On April 14, 2015, Sony announced that the stop-motion animated series was being developed by Crackle, which Bryan Cranston would voice and executive produce with his Moon Shot Entertainment. Thirteen episodes were being produced, and also starring Seth Green, Keegan-Michael Key, and Jillian Bell. Matthew Senreich and Zeb Wells wrote and would executive produce the series, while other executive producers would be Green, John Harvatine IV, Eric Towner, and James Degus, while Stoopid Buddy Stoodios would produce. The first trailer was released on July 9, 2015, and the other cast included Senreich, Wells, Heidi Gardner, Tom Root, Tucker Gilmore and some other guest stars.
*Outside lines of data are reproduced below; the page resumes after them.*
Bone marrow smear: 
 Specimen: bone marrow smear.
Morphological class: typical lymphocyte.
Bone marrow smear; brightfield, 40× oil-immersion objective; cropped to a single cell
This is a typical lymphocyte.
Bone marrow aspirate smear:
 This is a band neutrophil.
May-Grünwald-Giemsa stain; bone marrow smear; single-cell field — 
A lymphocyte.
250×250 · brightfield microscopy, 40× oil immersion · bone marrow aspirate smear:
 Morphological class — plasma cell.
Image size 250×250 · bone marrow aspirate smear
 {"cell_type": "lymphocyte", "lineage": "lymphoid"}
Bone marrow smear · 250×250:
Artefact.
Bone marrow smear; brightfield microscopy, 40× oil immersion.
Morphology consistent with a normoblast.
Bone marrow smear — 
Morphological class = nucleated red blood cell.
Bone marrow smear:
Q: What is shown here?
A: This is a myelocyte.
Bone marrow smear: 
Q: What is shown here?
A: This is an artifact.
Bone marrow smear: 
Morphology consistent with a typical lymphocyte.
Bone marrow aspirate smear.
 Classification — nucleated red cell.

For the show's second season, Arby's signed a product placement deal with the series as part of a broader deal with Crackle. In addition, Arby's was shown to be next door to the abandoned pizza restaurant which the Injustice Club uses as their hideout.

==Broadcast==
The series had its television premiere on January 1, 2017 on Adult Swim.
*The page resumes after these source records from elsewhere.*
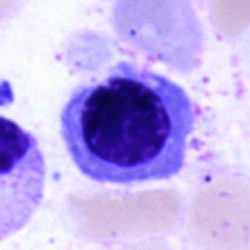
Cell: nucleated red blood cell.
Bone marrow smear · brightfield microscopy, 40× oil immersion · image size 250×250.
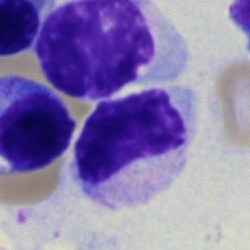
Classification — metamyelocyte.
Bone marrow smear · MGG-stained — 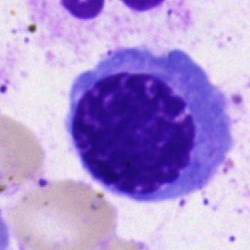Specimen: bone marrow aspirate smear.
Morphological class: erythroblast.
Lineage: erythroid.
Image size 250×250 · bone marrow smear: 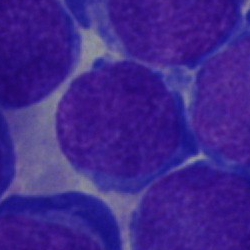

The morphological class is undifferentiated blast.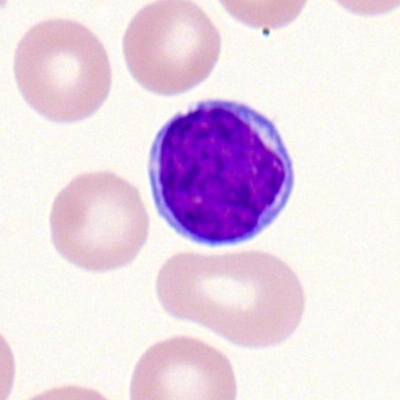 {"cell_type": "lymphocyte", "lineage": "lymphoid"}
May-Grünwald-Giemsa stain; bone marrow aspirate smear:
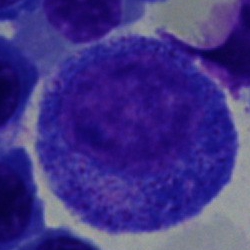 Impression — progranulocyte.
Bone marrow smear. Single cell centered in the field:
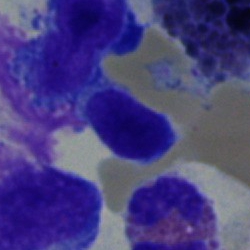 {"cell_type": "lymphocyte"}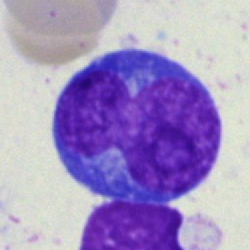The cell shown is a monocyte.
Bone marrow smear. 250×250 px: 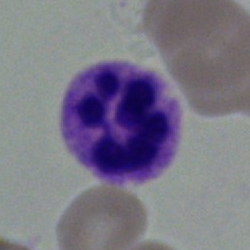Q: What is shown here?
A: This is a neutrophil (segmented).
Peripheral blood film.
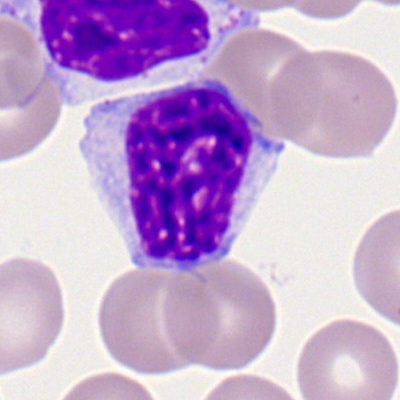 Typical lymphocyte.

In France, the series premiered on MCM on April 17, 2019, airing both French dub and English audio subtitled.

==Reception==
On review aggregator website Rotten Tomatoes, the series' first season has a 40% Tomatometer with an average rating of 5.8/10, based on 5 reviews. On Metacritic, which uses a weighted average, assigned the first season a score of 59 out of 100, based on 6 critics, indicating "mixed or average" reviews.

==Home media==
Season 1 was released on DVD on October 11, 2016. Season 2 was only released on DVD on September 12, 2018, in Australia.